Patients: We report a 3-month old girl suffering from severe hemophilia A, presenting with intracranial hemorrhage three weeks after drop down from an infant carrier. Recurrent bleeding after neurosurgery led to the diagnosis of a HA by findings of low levels of factor VIII coagulation activity (F8:C) below 1% and normal levels of factor von Willebrand activity.
Methods: Diagnosis of hemophilia A by one stage clotting test and proof by molecular studies via long - range - PCR. Chromosome analysis in metaphases from peripheral blood lymphocytes.

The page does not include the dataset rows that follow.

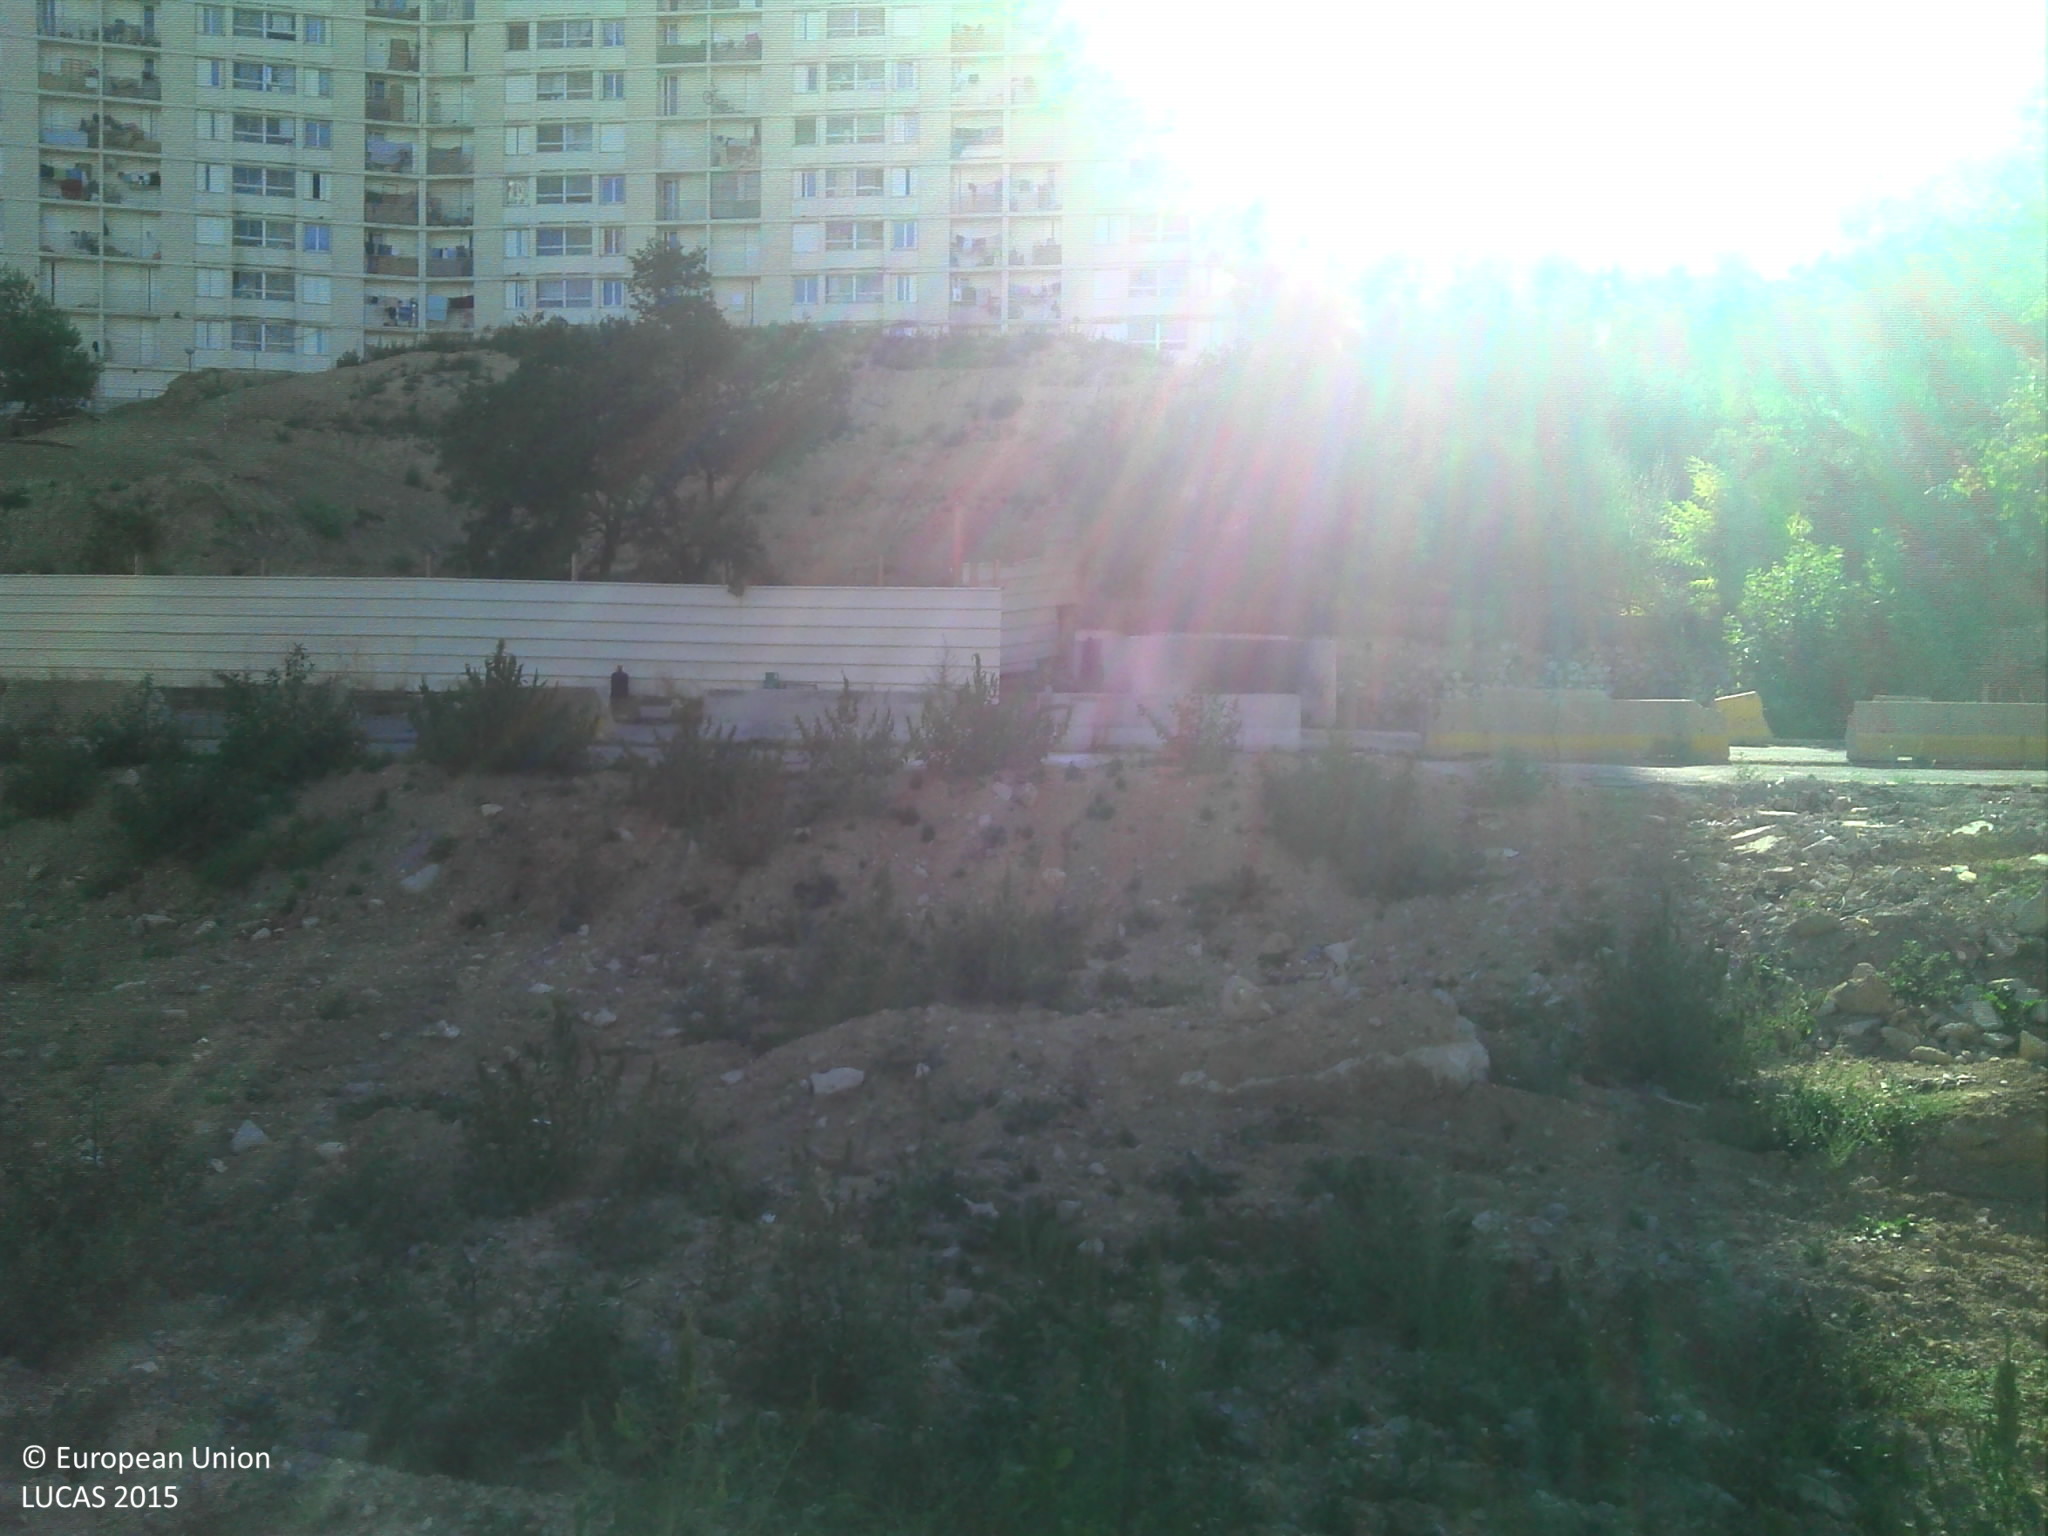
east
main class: Grassland
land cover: Grassland with sparse tree/shrub cover
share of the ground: 50 - 75 %
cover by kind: consolidated bare surface 40 %, unconsolidated bare surface 30 %, herbaceous plants 20 %, broadleaved forest trees 5 %, shrubs 5 %
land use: Abandoned areas
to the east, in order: Grassland with sparse tree/shrub cover; Artificial constructions in urban areas
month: August
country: FR
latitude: 43.3275
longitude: 5.4103

Results: Molecular analysis showed inversion of intron 22 as the result of a maternally inherited, distal, F8 gene inversion and chromosome analyses a 45,X karyotype indicative of Turner syndrome in our patient. Diagnosis was hampered by the female sex and the presence of neither a family history of bleeding disorders nor clinical signs of Turner syndrome.
Conclusion: Our case shows that, although uncommon in female infants, x-linked genetic bleeding disorders like HA are a possible diagnosis by very different reasons. Rare bleeding disorders, although not expected, might be present and the combined clinical, laboratory and genetic analysis are needed to establish the final diagnosis. Repetitive prolonged aPTT and clinical bleeding signs should lead to further hemostasiological investigations. An algorithm for hemostasiological investigations in case of unexplained clinical bleeding is given.